• [TO DO]
Leave the images out and repeat the data exactly as given.

Items listed in a dataset:

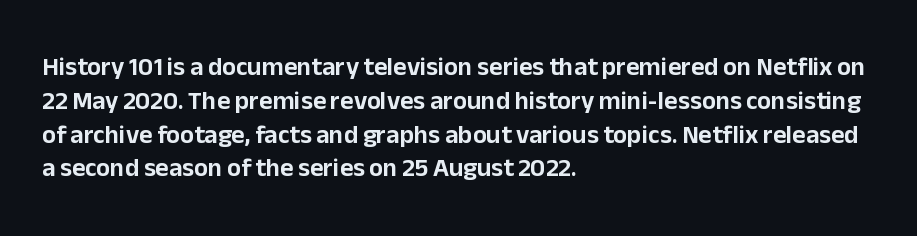
{"italic": "no", "underline": "no", "align": "left", "line_spacing": "normal", "line_spacing_ratio": 1.3, "letter_spacing": "normal", "letter_spacing_em": 0.0, "glyph_px": 26}
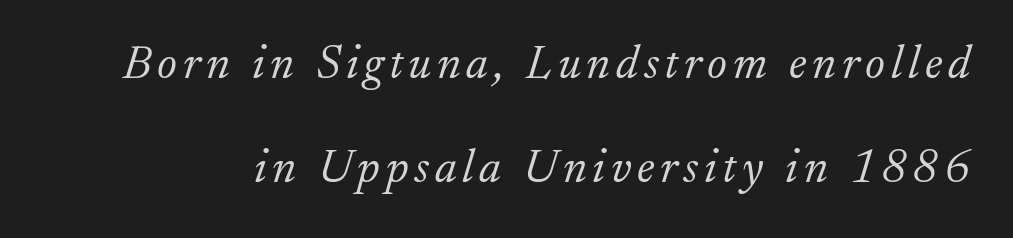
{"serif": "yes", "italic": "yes", "lean": "right", "slant_degrees": 17, "bold": "no", "weight": "light", "width": "normal", "stroke_contrast": "low", "x_height": "small", "monospaced": "no", "underline": "no", "line_spacing": "loose", "line_spacing_ratio": 2.21, "glyph_px": 47}
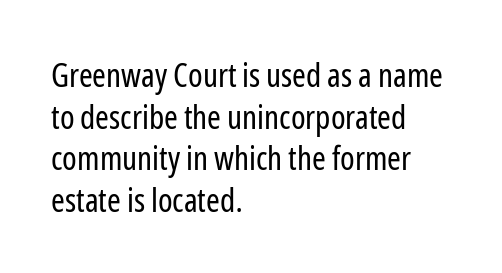
{"serif": "no", "italic": "no", "bold": "no", "weight": "regular", "width": "condensed", "stroke_contrast": "low", "x_height": "medium", "monospaced": "no", "underline": "no", "align": "left", "line_spacing": "normal", "line_spacing_ratio": 1.26, "letter_spacing": "normal", "letter_spacing_em": 0.0, "glyph_px": 33}
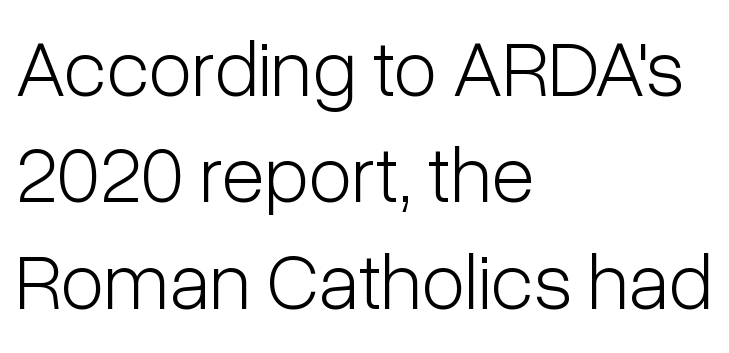
Q: Is the text bold? A: No.
Q: Is the text italic (slanted)? A: No, it is upright.
Q: Is the typeface a serif or a sans-serif typeface? A: Sans-serif.
Q: Is the text underlined? A: No.
Q: How is the paragraph aligned? A: Left-aligned.
Q: Is the spacing between letters normal or unusually wide? A: Normal.
Q: Is the spacing between lines tight, normal or loose? A: Normal.
Q: Width (condensed, normal, or wide)? A: Condensed.
Q: Stroke contrast? A: Low.
Q: x-height? A: Medium.
Q: Monospaced? A: No.
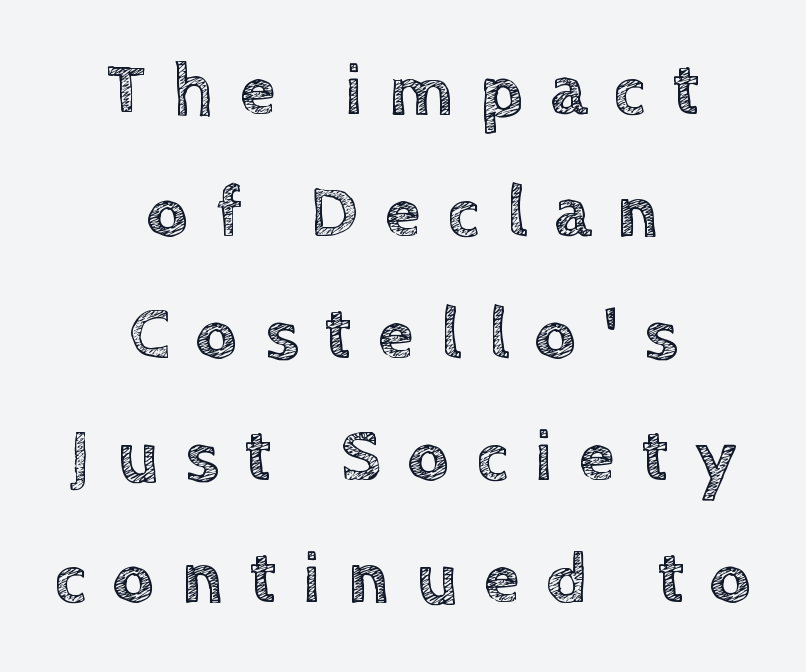
The image shows 73 px text type, upright; set centered, normal line spacing (1.67x), unusually wide letter spacing (+0.36 em), not underlined; a large x-height.
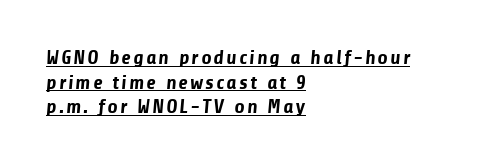
The image shows 20 px bold type; set left-aligned, line spacing 1.23x, underlined.
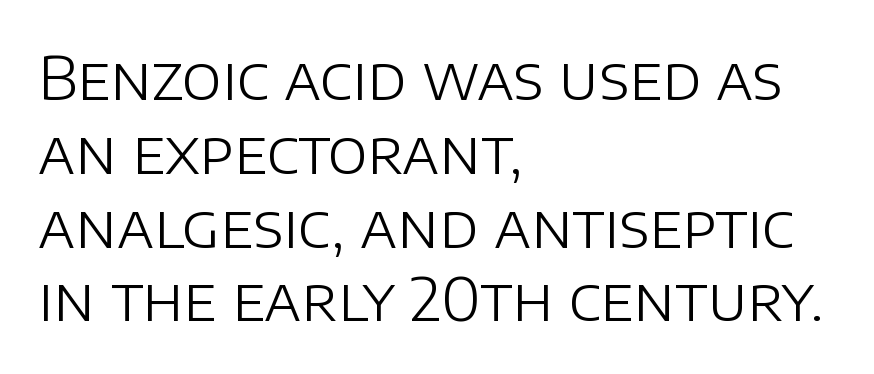
The image shows 60 px light sans-serif type, upright; set left-aligned, line spacing 1.23x, normal letter spacing, not underlined; low stroke contrast and a large x-height.
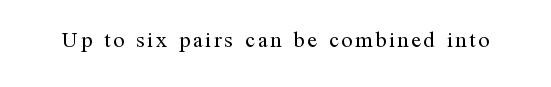
The image shows 22 px text type, upright; set not underlined.
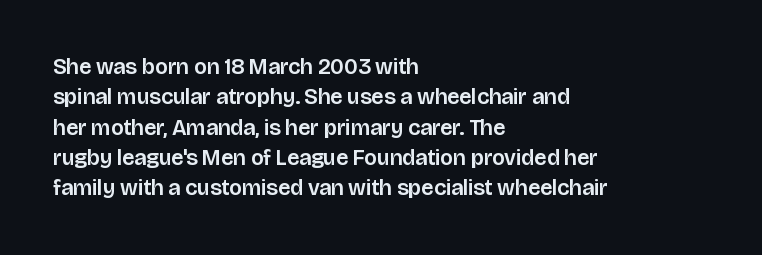
The image shows 22 px text type, upright; set left-aligned, normal line spacing (1.38x), normal letter spacing, not underlined.
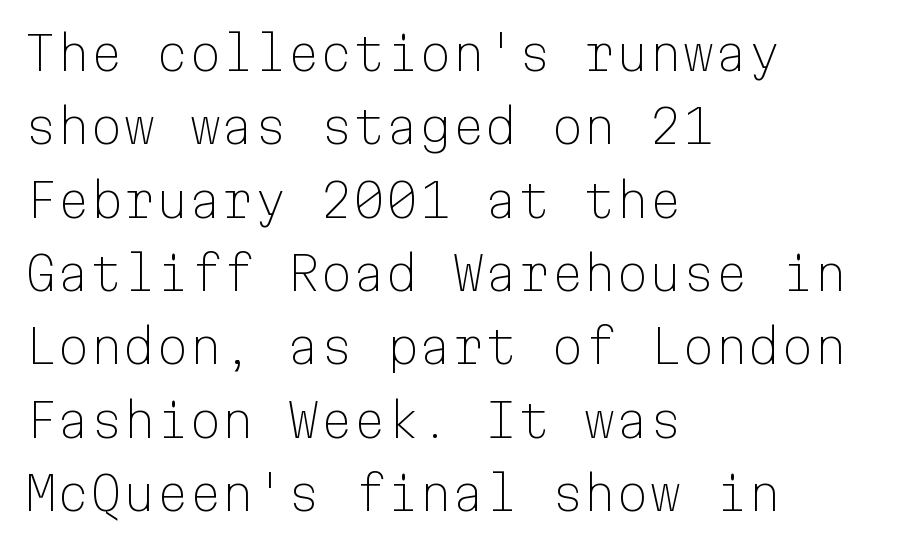
The rendering uses typewriter-style spacing with identical character cells. The paragraph has a hard left edge and a soft right edge. Each word holds together tightly as a unit, with standard inter-letter gaps. The words here are not underlined. A typesetter would mark this as roman, not italic.
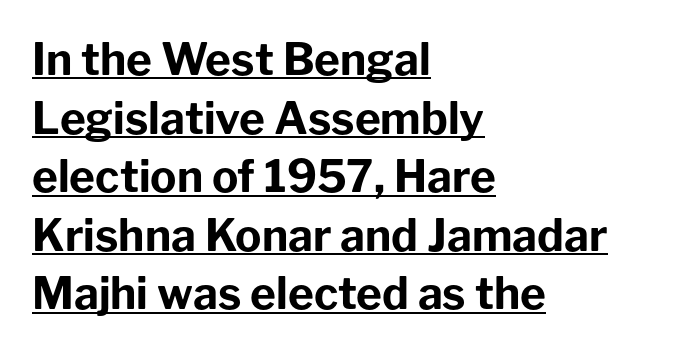
{"serif": "no", "italic": "no", "bold": "yes", "weight": "bold", "width": "normal", "stroke_contrast": "low", "x_height": "medium", "monospaced": "no", "underline": "yes", "align": "left", "line_spacing": "normal", "line_spacing_ratio": 1.33, "letter_spacing": "normal", "letter_spacing_em": 0.0, "glyph_px": 44}
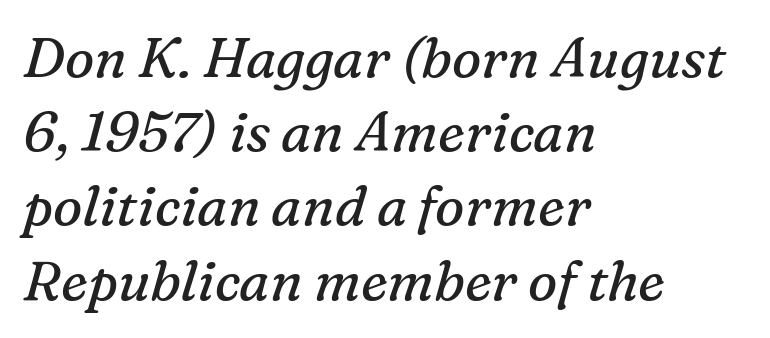
Q: Is the text bold? A: No.
Q: Is the text italic (slanted)? A: Yes, it leans right by about 16 degrees.
Q: Is the typeface a serif or a sans-serif typeface? A: Serif.
Q: Is the text underlined? A: No.
Q: How is the paragraph aligned? A: Left-aligned.
Q: Is the spacing between letters normal or unusually wide? A: Normal.
Q: Is the spacing between lines tight, normal or loose? A: Normal.
Q: Width (condensed, normal, or wide)? A: Normal.
Q: Stroke contrast? A: Medium.
Q: x-height? A: Medium.
Q: Monospaced? A: No.
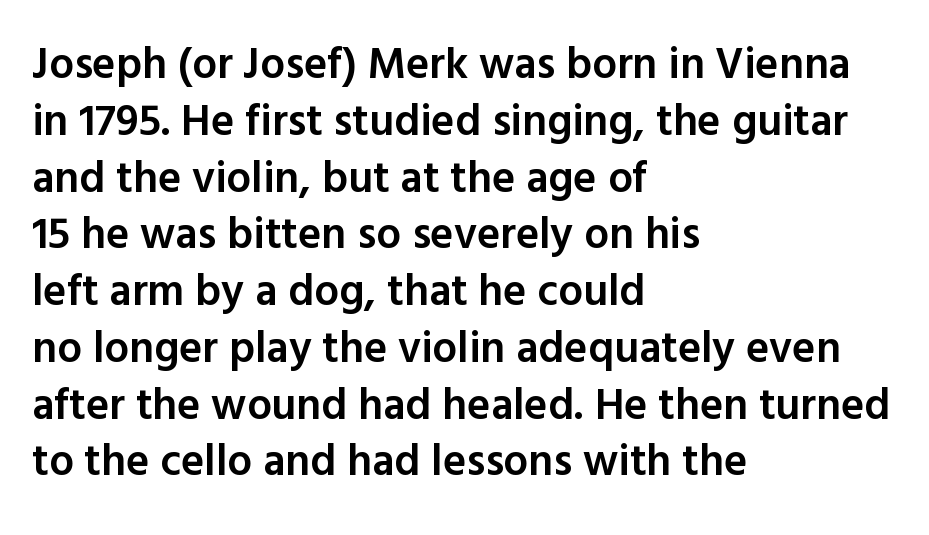
Q: Is the text bold? A: Semi-bold.
Q: Is the text italic (slanted)? A: No, it is upright.
Q: Is the typeface a serif or a sans-serif typeface? A: Sans-serif.
Q: Is the text underlined? A: No.
Q: How is the paragraph aligned? A: Left-aligned.
Q: Is the spacing between letters normal or unusually wide? A: Normal.
Q: Is the spacing between lines tight, normal or loose? A: Normal.
Q: Width (condensed, normal, or wide)? A: Normal.
Q: x-height? A: Medium.
Q: Monospaced? A: No.
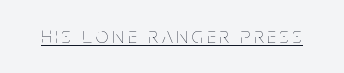
Q: Is the text bold? A: No.
Q: Is the text italic (slanted)? A: No, it is upright.
Q: Is the text underlined? A: Yes.

• [WRITTEN SOLUTION]
{"italic": "no", "underline": "no", "align": "left", "line_spacing": "normal", "line_spacing_ratio": 1.3, "letter_spacing": "normal", "letter_spacing_em": 0.0, "glyph_px": 26}
{"serif": "yes", "italic": "yes", "lean": "right", "slant_degrees": 17, "bold": "no", "weight": "light", "width": "normal", "stroke_contrast": "low", "x_height": "small", "monospaced": "no", "underline": "no", "line_spacing": "loose", "line_spacing_ratio": 2.21, "glyph_px": 47}
{"serif": "no", "italic": "no", "bold": "no", "weight": "regular", "width": "condensed", "stroke_contrast": "low", "x_height": "medium", "monospaced": "no", "underline": "no", "align": "left", "line_spacing": "normal", "line_spacing_ratio": 1.26, "letter_spacing": "normal", "letter_spacing_em": 0.0, "glyph_px": 33}
Q: Is the text bold? A: No.
Q: Is the text italic (slanted)? A: No, it is upright.
Q: Is the typeface a serif or a sans-serif typeface? A: Sans-serif.
Q: Is the text underlined? A: No.
Q: How is the paragraph aligned? A: Left-aligned.
Q: Is the spacing between letters normal or unusually wide? A: Normal.
Q: Is the spacing between lines tight, normal or loose? A: Normal.
Q: Width (condensed, normal, or wide)? A: Condensed.
Q: Stroke contrast? A: Low.
Q: x-height? A: Medium.
Q: Monospaced? A: No.
The image shows 73 px text type, upright; set centered, normal line spacing (1.67x), unusually wide letter spacing (+0.36 em), not underlined; a large x-height.
The image shows 20 px bold type; set left-aligned, line spacing 1.23x, underlined.
The image shows 60 px light sans-serif type, upright; set left-aligned, line spacing 1.23x, normal letter spacing, not underlined; low stroke contrast and a large x-height.
The image shows 22 px text type, upright; set not underlined.
The image shows 22 px text type, upright; set left-aligned, normal line spacing (1.38x), normal letter spacing, not underlined.
The rendering uses typewriter-style spacing with identical character cells. The paragraph has a hard left edge and a soft right edge. Each word holds together tightly as a unit, with standard inter-letter gaps. The words here are not underlined. A typesetter would mark this as roman, not italic.
{"serif": "no", "italic": "no", "bold": "yes", "weight": "bold", "width": "normal", "stroke_contrast": "low", "x_height": "medium", "monospaced": "no", "underline": "yes", "align": "left", "line_spacing": "normal", "line_spacing_ratio": 1.33, "letter_spacing": "normal", "letter_spacing_em": 0.0, "glyph_px": 44}
Q: Is the text bold? A: No.
Q: Is the text italic (slanted)? A: Yes, it leans right by about 16 degrees.
Q: Is the typeface a serif or a sans-serif typeface? A: Serif.
Q: Is the text underlined? A: No.
Q: How is the paragraph aligned? A: Left-aligned.
Q: Is the spacing between letters normal or unusually wide? A: Normal.
Q: Is the spacing between lines tight, normal or loose? A: Normal.
Q: Width (condensed, normal, or wide)? A: Normal.
Q: Stroke contrast? A: Medium.
Q: x-height? A: Medium.
Q: Monospaced? A: No.
Q: Is the text bold? A: Semi-bold.
Q: Is the text italic (slanted)? A: No, it is upright.
Q: Is the typeface a serif or a sans-serif typeface? A: Sans-serif.
Q: Is the text underlined? A: No.
Q: How is the paragraph aligned? A: Left-aligned.
Q: Is the spacing between letters normal or unusually wide? A: Normal.
Q: Is the spacing between lines tight, normal or loose? A: Normal.
Q: Width (condensed, normal, or wide)? A: Normal.
Q: x-height? A: Medium.
Q: Monospaced? A: No.
Q: Is the text bold? A: No.
Q: Is the text italic (slanted)? A: No, it is upright.
Q: Is the text underlined? A: Yes.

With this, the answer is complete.